At the time of application, Class TU contained two subclasses: Subclass 500 (Student) and Subclass 590 (Student Guardian). The applicant applied for the visa to undertake study in Australia and does not claim to meet the criteria for a Subclass 590 (Student Guardian) visa.
According to the Department decision record, a copy of which was provided to the Tribunal for the purposes of the review, the delegate refused to grant the visa on the basis that the applicant did not satisfy the requirements of cl.500.212 of Schedule 2 to the Migration Regulations 1994 (the Regulations) because he was not satisfied that the applicant intended genuinely to stay temporarily in Australia. Among other things, the delegate was concerned about the applicant’s immigration and study history, noting that since his arrival he had only completed one course and been reported for unsatisfactory course attendance and academic progress; and his incentive to return home on completion of his study as he had only left Australia for 24 days since his arrival.

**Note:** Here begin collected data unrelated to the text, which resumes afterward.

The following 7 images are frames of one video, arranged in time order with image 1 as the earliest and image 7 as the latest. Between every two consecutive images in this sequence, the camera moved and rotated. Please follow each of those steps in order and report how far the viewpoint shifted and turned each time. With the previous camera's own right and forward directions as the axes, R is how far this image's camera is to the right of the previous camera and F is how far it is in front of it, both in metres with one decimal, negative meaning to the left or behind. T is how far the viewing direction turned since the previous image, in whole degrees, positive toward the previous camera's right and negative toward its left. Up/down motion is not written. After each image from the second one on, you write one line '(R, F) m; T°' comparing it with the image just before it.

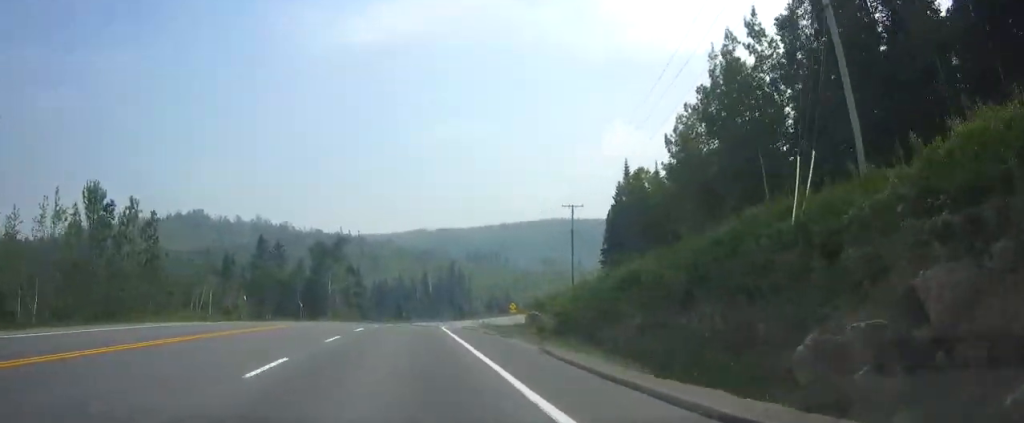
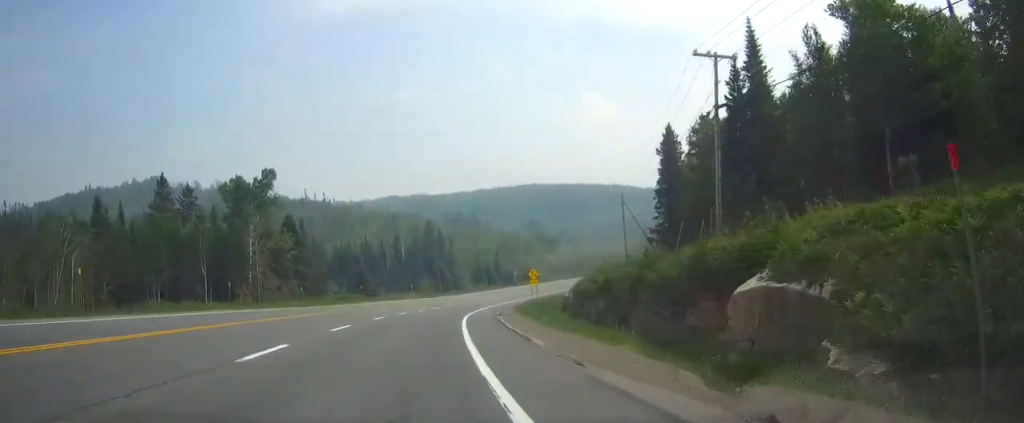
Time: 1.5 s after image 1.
(+0.3, +43.5) m; +2°
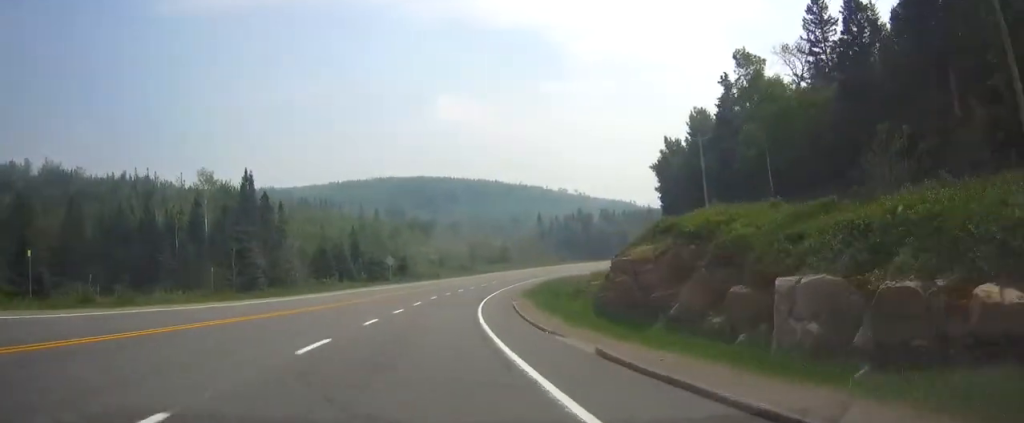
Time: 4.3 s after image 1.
(+6.7, +78.9) m; +12°
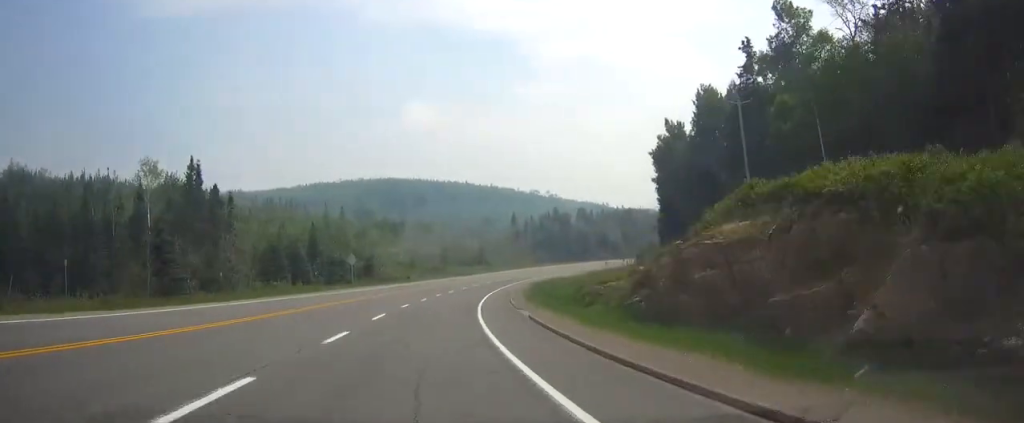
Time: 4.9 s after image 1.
(+1.1, +15.1) m; +3°
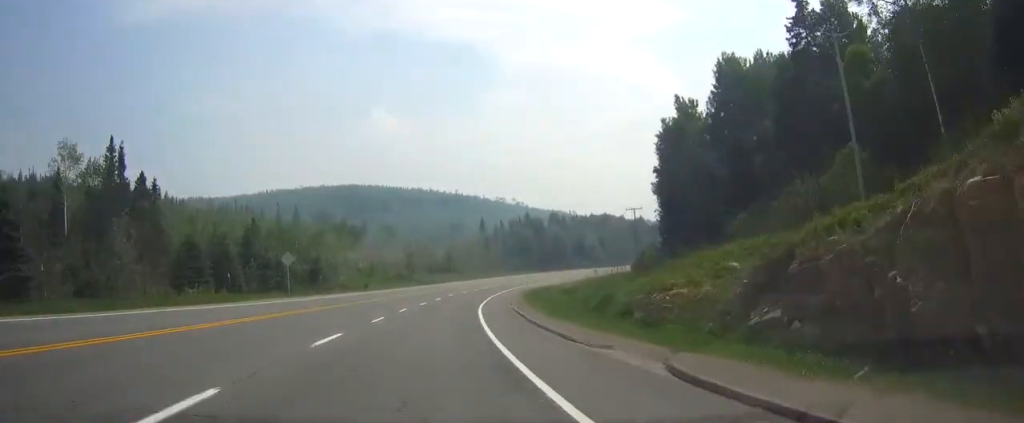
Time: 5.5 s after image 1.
(+0.4, +19.0) m; +1°
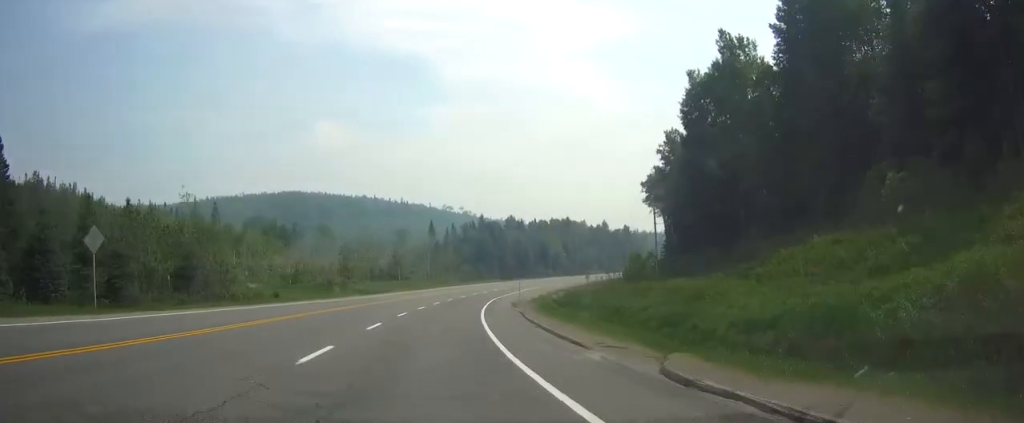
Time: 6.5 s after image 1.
(0.0, +28.6) m; +3°
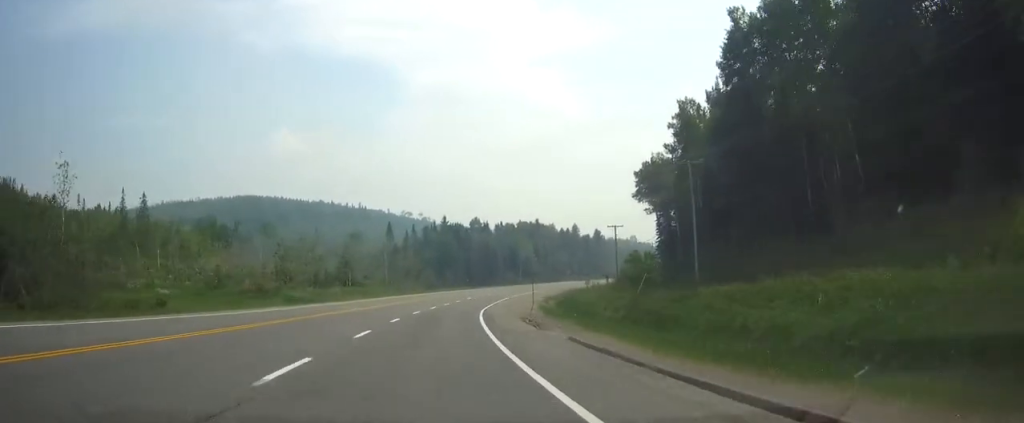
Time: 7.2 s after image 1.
(-0.1, +20.0) m; +5°

The applicant appeared before the Tribunal on 4 September 2018 to give evidence and present arguments. At hearing he submitted a Letter of Offer from Australis Institute of Technology and Education for a Diploma of Hospitality Management (1/10/2018 to 16/08/2020).
For the following reasons, the Tribunal has concluded that the decision under review should be affirmed.
CONSIDERATION OF CLAIMS AND EVIDENCE
The criteria for a Subclass 500 (Student) visa are set out in Part 500 of Schedule 2 to the Regulations. The primary criteria in cl.500.211 to cl.500.218 must be satisfied by at least one applicant. Other members of the family unit, if any, who are applicants for the visa need only satisfy the secondary criteria. The issue in the present case is whether the applicant meets the time of decision criterion in cl.500.212.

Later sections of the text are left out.